Task objective
Apart from the pictures, every record here must be copied word for word.

Given information
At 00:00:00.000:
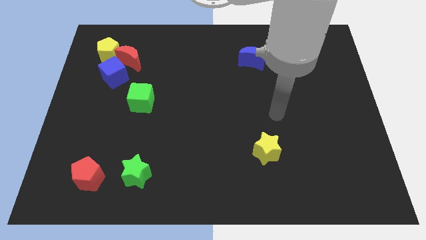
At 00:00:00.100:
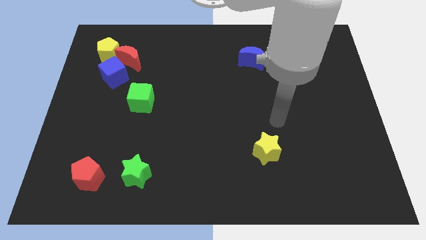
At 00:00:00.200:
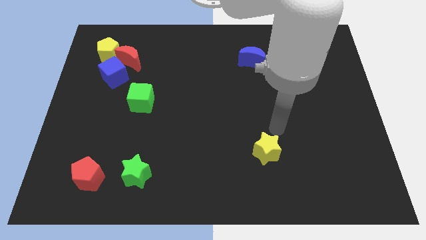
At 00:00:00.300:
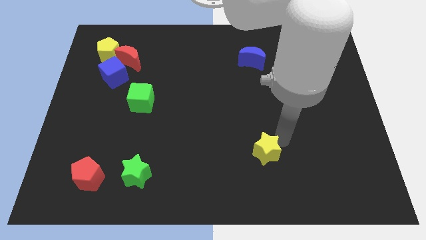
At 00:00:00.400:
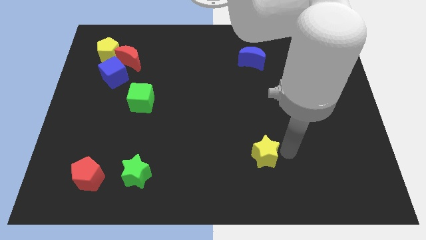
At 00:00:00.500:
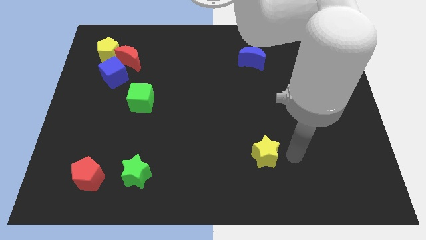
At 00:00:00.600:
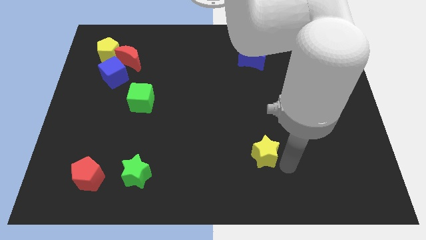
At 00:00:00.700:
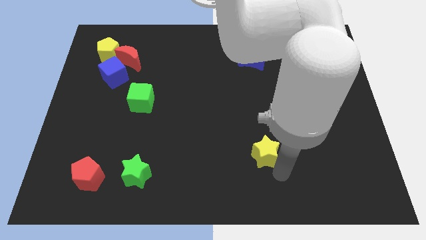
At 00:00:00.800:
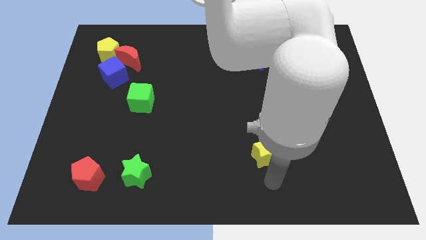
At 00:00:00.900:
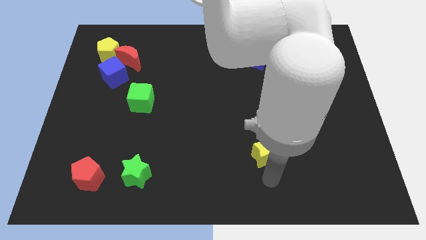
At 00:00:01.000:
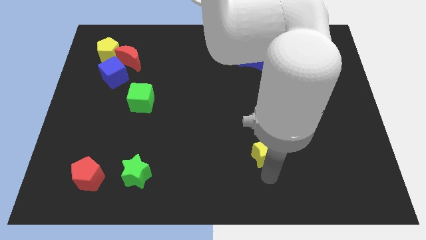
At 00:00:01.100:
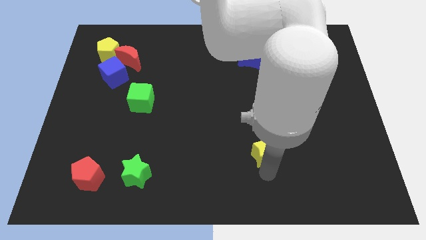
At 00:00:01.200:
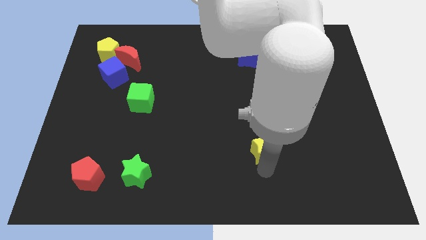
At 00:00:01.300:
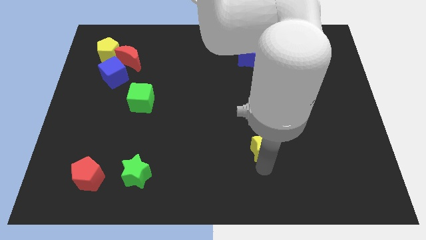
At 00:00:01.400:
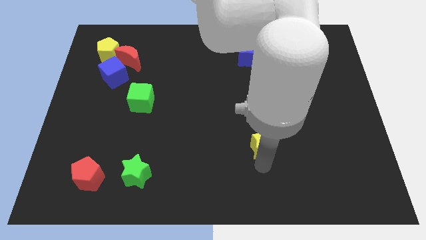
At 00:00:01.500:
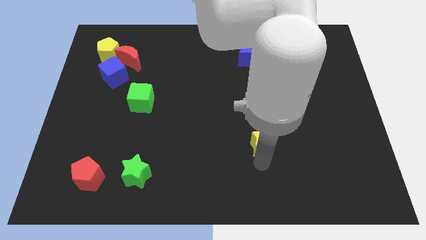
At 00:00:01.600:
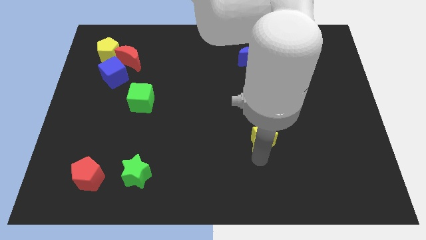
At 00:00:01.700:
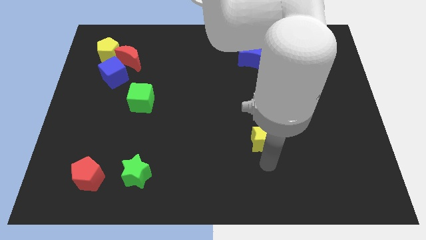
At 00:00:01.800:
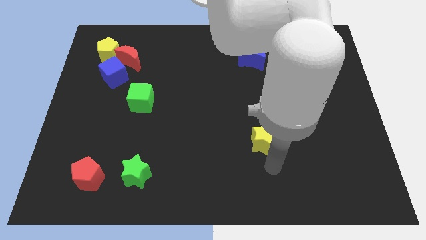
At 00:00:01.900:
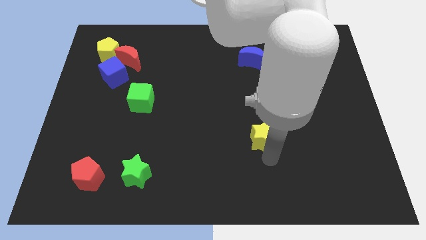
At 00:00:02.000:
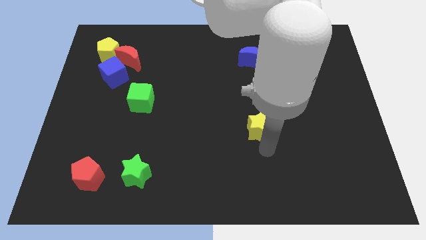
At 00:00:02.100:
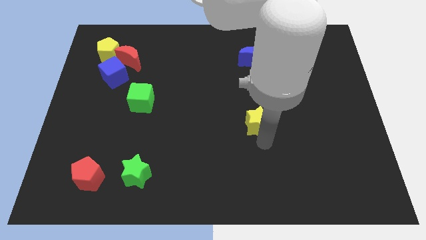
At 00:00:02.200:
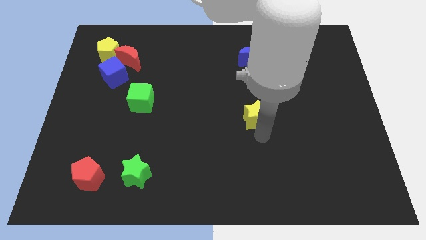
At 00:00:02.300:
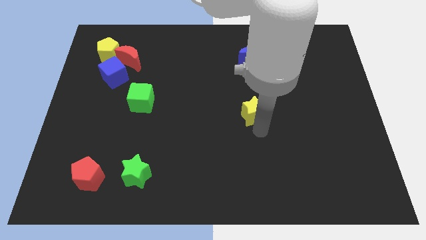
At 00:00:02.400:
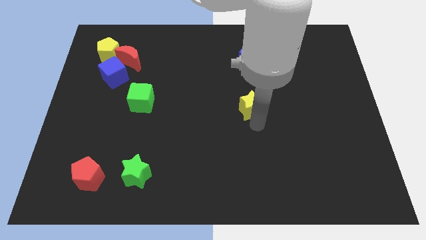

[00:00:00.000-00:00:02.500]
slide the yellow star below the blue moon

Solved problem
At 00:00:00.000:
At 00:00:00.100:
At 00:00:00.200:
At 00:00:00.300:
At 00:00:00.400:
At 00:00:00.500:
At 00:00:00.600:
At 00:00:00.700:
At 00:00:00.800:
At 00:00:00.900:
At 00:00:01.000:
At 00:00:01.100:
At 00:00:01.200:
At 00:00:01.300:
At 00:00:01.400:
At 00:00:01.500:
At 00:00:01.600:
At 00:00:01.700:
At 00:00:01.800:
At 00:00:01.900:
At 00:00:02.000:
At 00:00:02.100:
At 00:00:02.200:
At 00:00:02.300:
At 00:00:02.400:

[00:00:00.000-00:00:02.500]
slide the yellow star below the blue moon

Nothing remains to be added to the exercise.